### WHAT TO DO
Everything from the line containing "share of the ground: > 75 %" through the last line of the records below should be printed exactly, please, and nothing else.

[[ DATA TO PROCESS open ]]

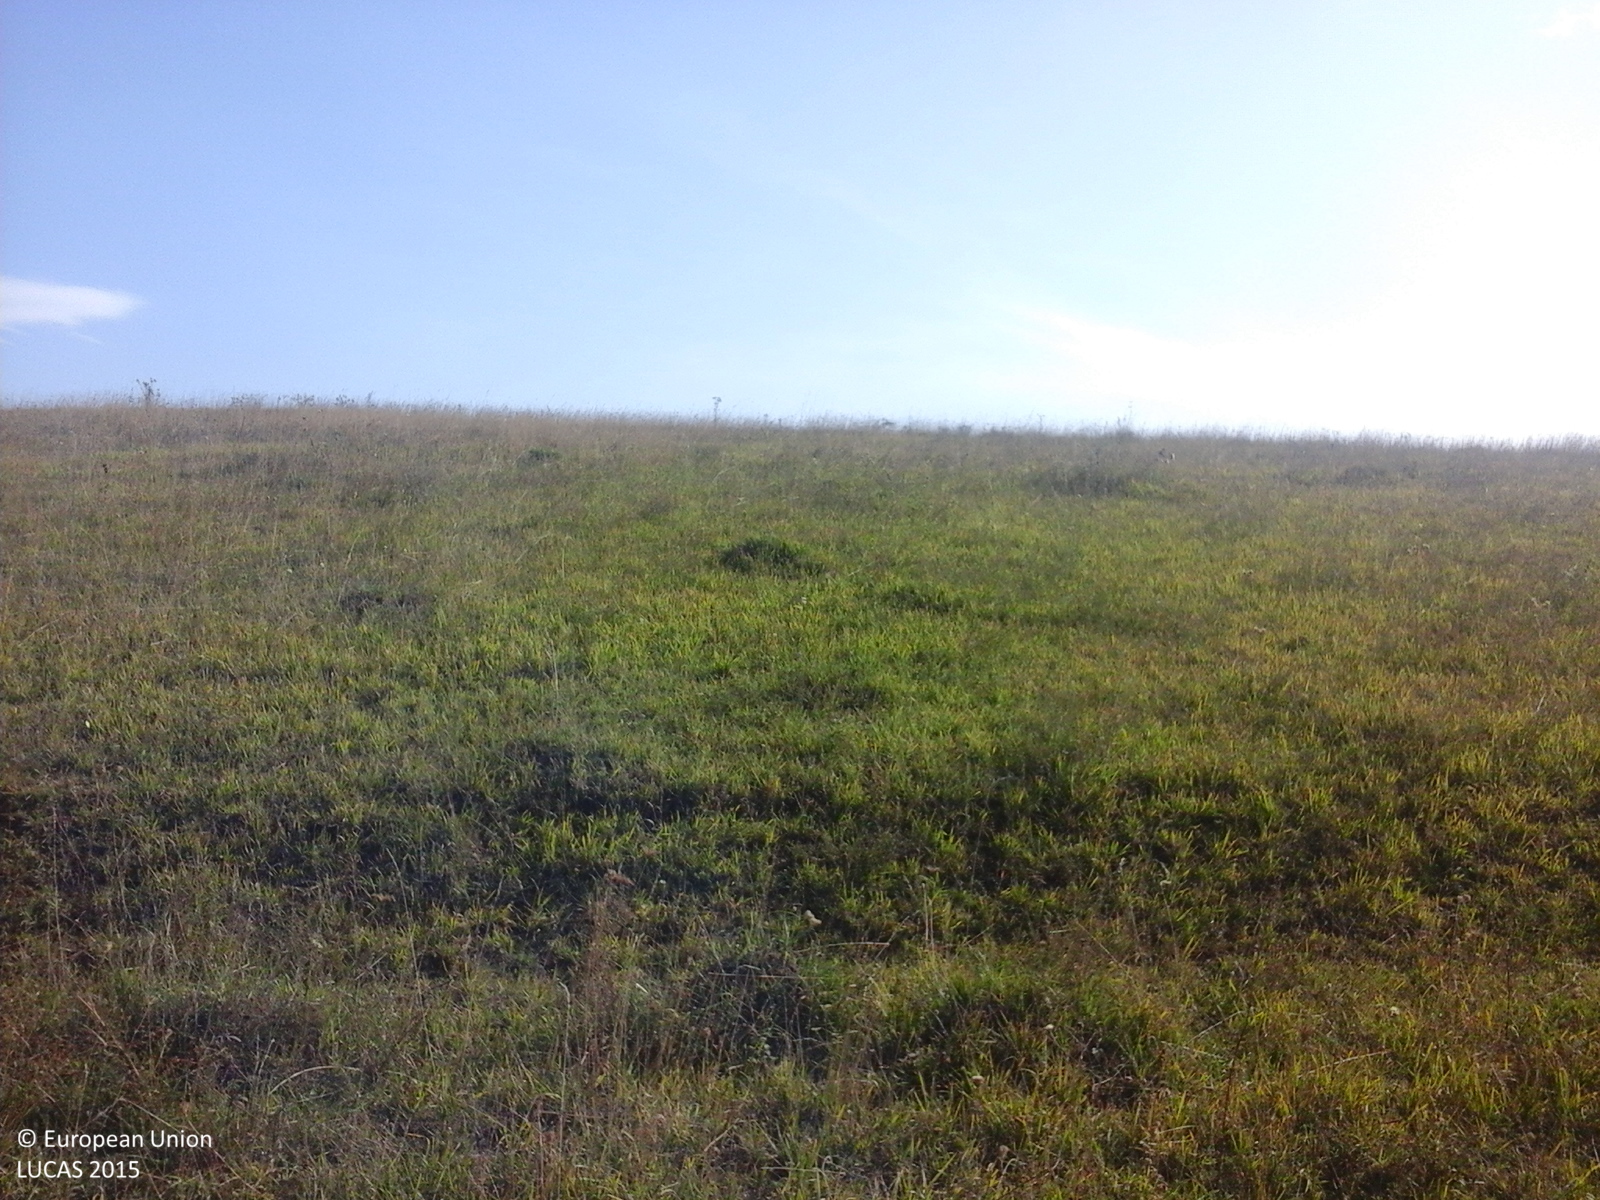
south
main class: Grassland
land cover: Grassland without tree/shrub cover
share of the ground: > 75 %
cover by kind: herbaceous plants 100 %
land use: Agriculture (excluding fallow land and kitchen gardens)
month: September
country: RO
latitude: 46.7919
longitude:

[[ DATA TO PROCESS closed ]]

### WRITTEN SOLUTION
share of the ground: > 75 %
cover by kind: herbaceous plants 100 %
land use: Agriculture (excluding fallow land and kitchen gardens)
month: September
country: RO
latitude: 46.7919
longitude:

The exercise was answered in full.